[Dataset items]
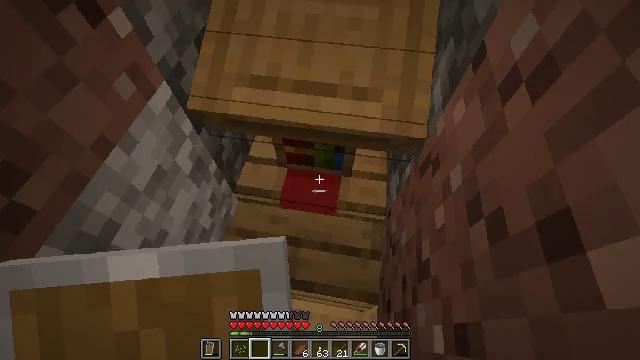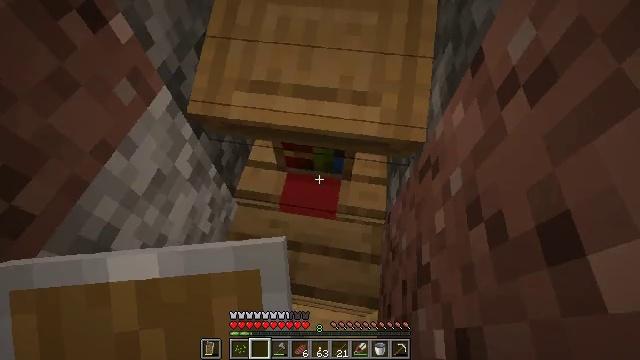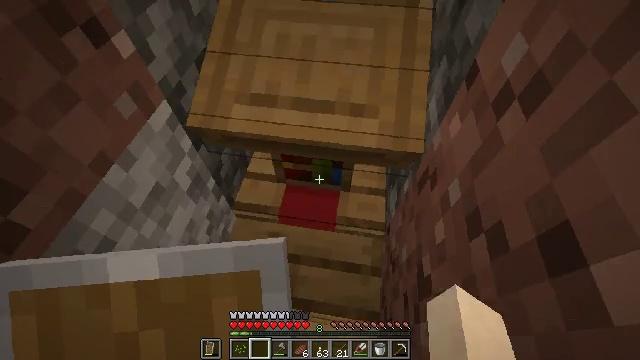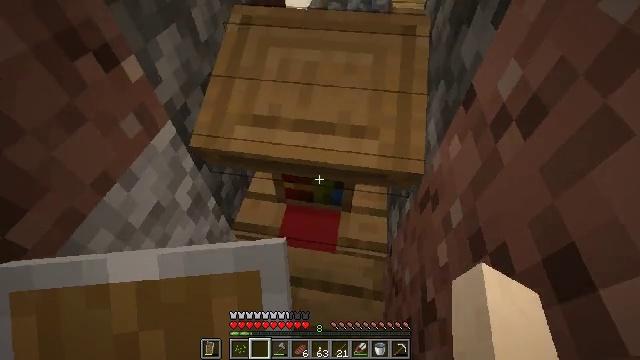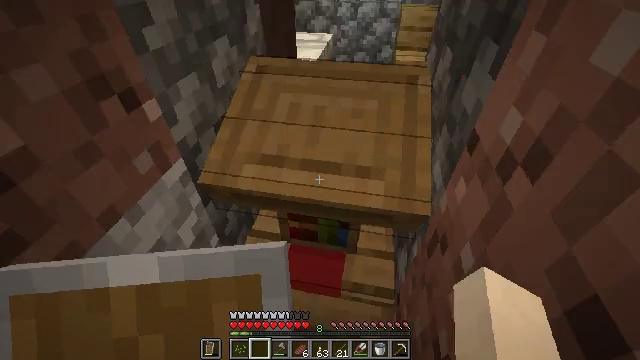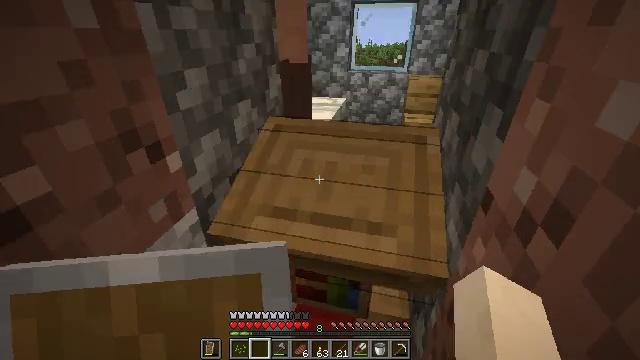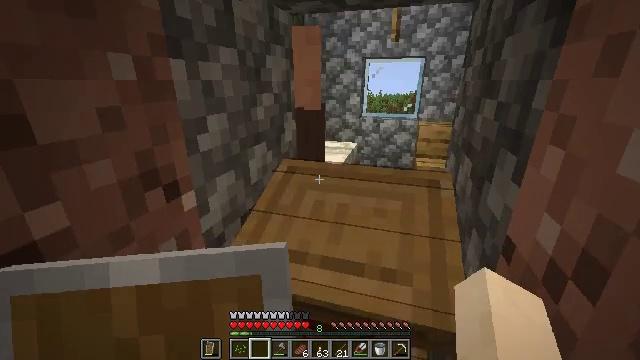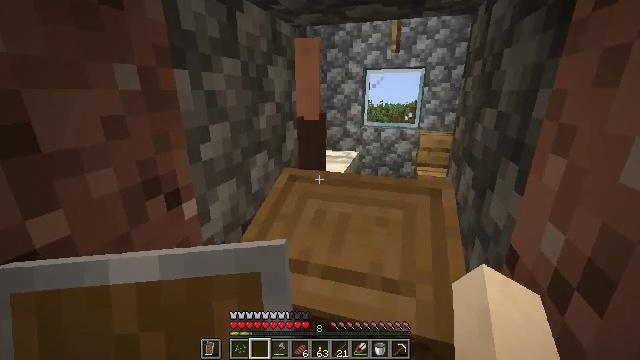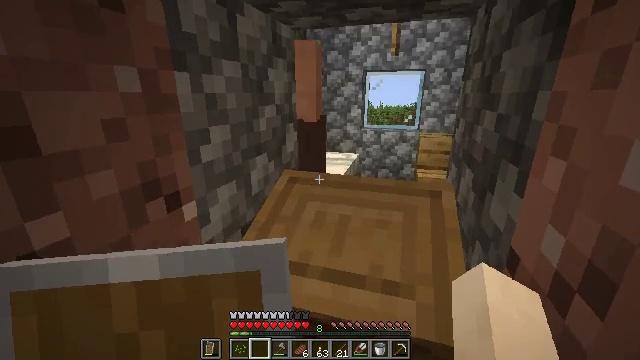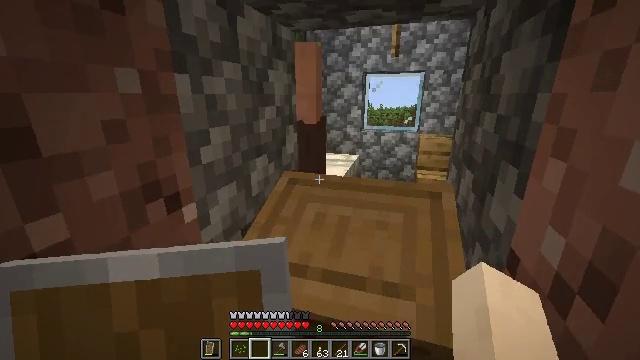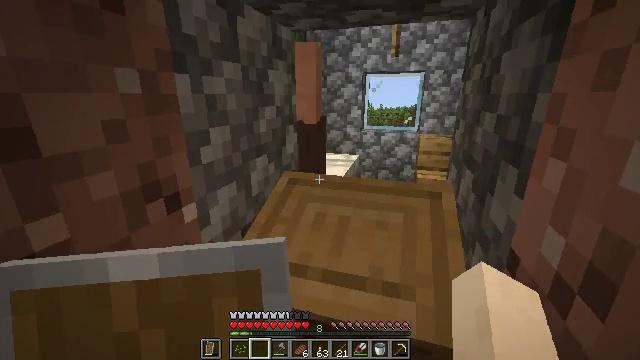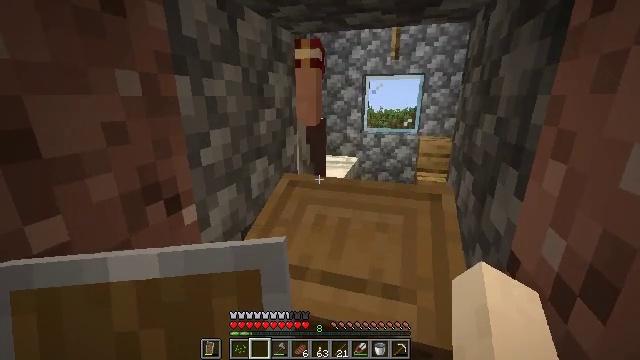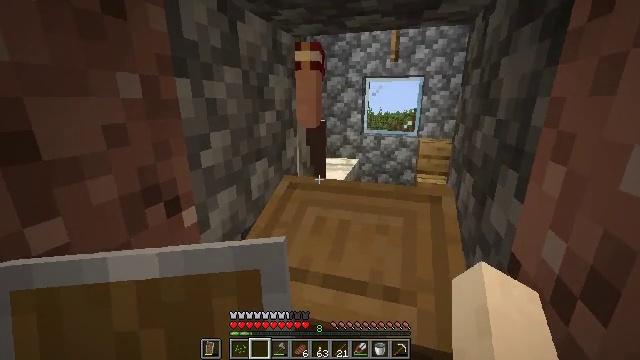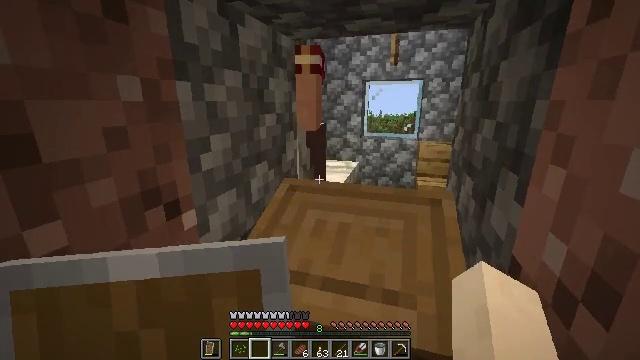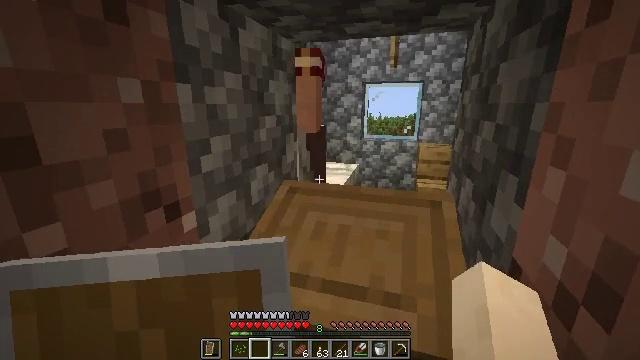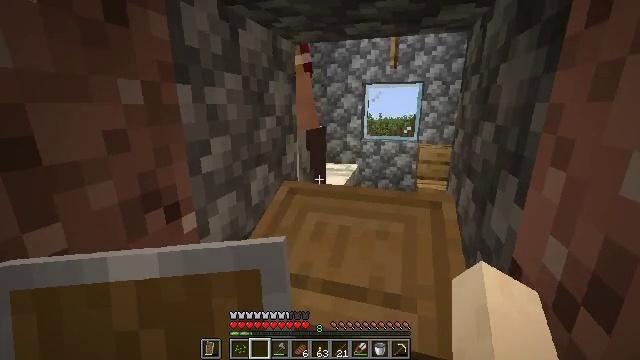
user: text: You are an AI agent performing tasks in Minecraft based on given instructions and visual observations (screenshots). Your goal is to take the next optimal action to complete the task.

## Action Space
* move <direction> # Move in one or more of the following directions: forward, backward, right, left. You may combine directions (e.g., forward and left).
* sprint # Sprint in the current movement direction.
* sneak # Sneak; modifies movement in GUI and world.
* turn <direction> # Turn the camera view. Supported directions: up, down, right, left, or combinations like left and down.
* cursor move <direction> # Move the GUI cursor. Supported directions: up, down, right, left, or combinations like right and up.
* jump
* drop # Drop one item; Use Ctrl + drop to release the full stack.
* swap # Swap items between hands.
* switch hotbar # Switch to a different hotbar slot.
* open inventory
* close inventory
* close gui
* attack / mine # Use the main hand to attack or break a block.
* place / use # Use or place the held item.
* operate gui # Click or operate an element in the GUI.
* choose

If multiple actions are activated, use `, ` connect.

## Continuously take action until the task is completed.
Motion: motion action
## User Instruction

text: Collect the lectern by destroying it.
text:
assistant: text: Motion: no_op
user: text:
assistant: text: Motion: turn up
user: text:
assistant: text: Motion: turn up
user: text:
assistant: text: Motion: turn left and up
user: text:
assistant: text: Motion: turn left and up
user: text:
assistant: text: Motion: turn left and up
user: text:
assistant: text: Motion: turn up
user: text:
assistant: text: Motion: no_op
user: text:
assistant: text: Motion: no_op
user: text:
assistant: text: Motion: no_op
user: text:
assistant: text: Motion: no_op
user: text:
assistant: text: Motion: no_op
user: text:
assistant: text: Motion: no_op
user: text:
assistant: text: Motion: no_op
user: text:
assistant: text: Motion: no_op
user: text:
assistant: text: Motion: no_op
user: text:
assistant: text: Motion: turn up
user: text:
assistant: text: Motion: no_op
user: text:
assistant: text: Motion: turn up
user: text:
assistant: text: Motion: turn left and up
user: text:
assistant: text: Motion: no_op
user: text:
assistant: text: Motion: use / place
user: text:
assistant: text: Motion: use / place
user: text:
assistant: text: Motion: use / place
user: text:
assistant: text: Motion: no_op
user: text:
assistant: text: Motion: no_op
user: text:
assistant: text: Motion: no_op
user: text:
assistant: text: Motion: no_op
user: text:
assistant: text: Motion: no_op
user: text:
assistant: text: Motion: no_op
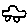
Label: car
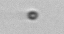
Label: nanoplankton_mix
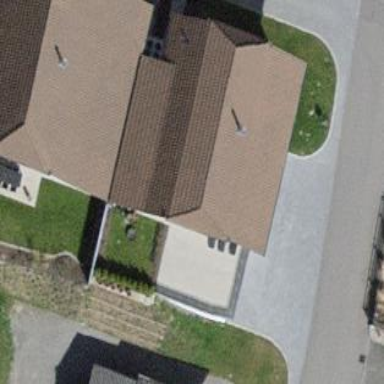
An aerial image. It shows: Simple house.
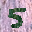
Label: 5

● **Work instruction**: Each entry above must be set down word for word; none of its pictures belong in the copy.

● **Final answer**:
user: text: You are an AI agent performing tasks in Minecraft based on given instructions and visual observations (screenshots). Your goal is to take the next optimal action to complete the task.

## Action Space
* move <direction> # Move in one or more of the following directions: forward, backward, right, left. You may combine directions (e.g., forward and left).
* sprint # Sprint in the current movement direction.
* sneak # Sneak; modifies movement in GUI and world.
* turn <direction> # Turn the camera view. Supported directions: up, down, right, left, or combinations like left and down.
* cursor move <direction> # Move the GUI cursor. Supported directions: up, down, right, left, or combinations like right and up.
* jump
* drop # Drop one item; Use Ctrl + drop to release the full stack.
* swap # Swap items between hands.
* switch hotbar # Switch to a different hotbar slot.
* open inventory
* close inventory
* close gui
* attack / mine # Use the main hand to attack or break a block.
* place / use # Use or place the held item.
* operate gui # Click or operate an element in the GUI.
* choose

If multiple actions are activated, use `, ` connect.

## Continuously take action until the task is completed.
Motion: motion action
## User Instruction

text: Collect the lectern by destroying it.
text:
assistant: text: Motion: no_op
user: text:
assistant: text: Motion: turn up
user: text:
assistant: text: Motion: turn up
user: text:
assistant: text: Motion: turn left and up
user: text:
assistant: text: Motion: turn left and up
user: text:
assistant: text: Motion: turn left and up
user: text:
assistant: text: Motion: turn up
user: text:
assistant: text: Motion: no_op
user: text:
assistant: text: Motion: no_op
user: text:
assistant: text: Motion: no_op
user: text:
assistant: text: Motion: no_op
user: text:
assistant: text: Motion: no_op
user: text:
assistant: text: Motion: no_op
user: text:
assistant: text: Motion: no_op
user: text:
assistant: text: Motion: no_op
user: text:
assistant: text: Motion: no_op
user: text:
assistant: text: Motion: turn up
user: text:
assistant: text: Motion: no_op
user: text:
assistant: text: Motion: turn up
user: text:
assistant: text: Motion: turn left and up
user: text:
assistant: text: Motion: no_op
user: text:
assistant: text: Motion: use / place
user: text:
assistant: text: Motion: use / place
user: text:
assistant: text: Motion: use / place
user: text:
assistant: text: Motion: no_op
user: text:
assistant: text: Motion: no_op
user: text:
assistant: text: Motion: no_op
user: text:
assistant: text: Motion: no_op
user: text:
assistant: text: Motion: no_op
user: text:
assistant: text: Motion: no_op
Label: car
Label: nanoplankton_mix
An aerial image. It shows: Simple house.
Label: 5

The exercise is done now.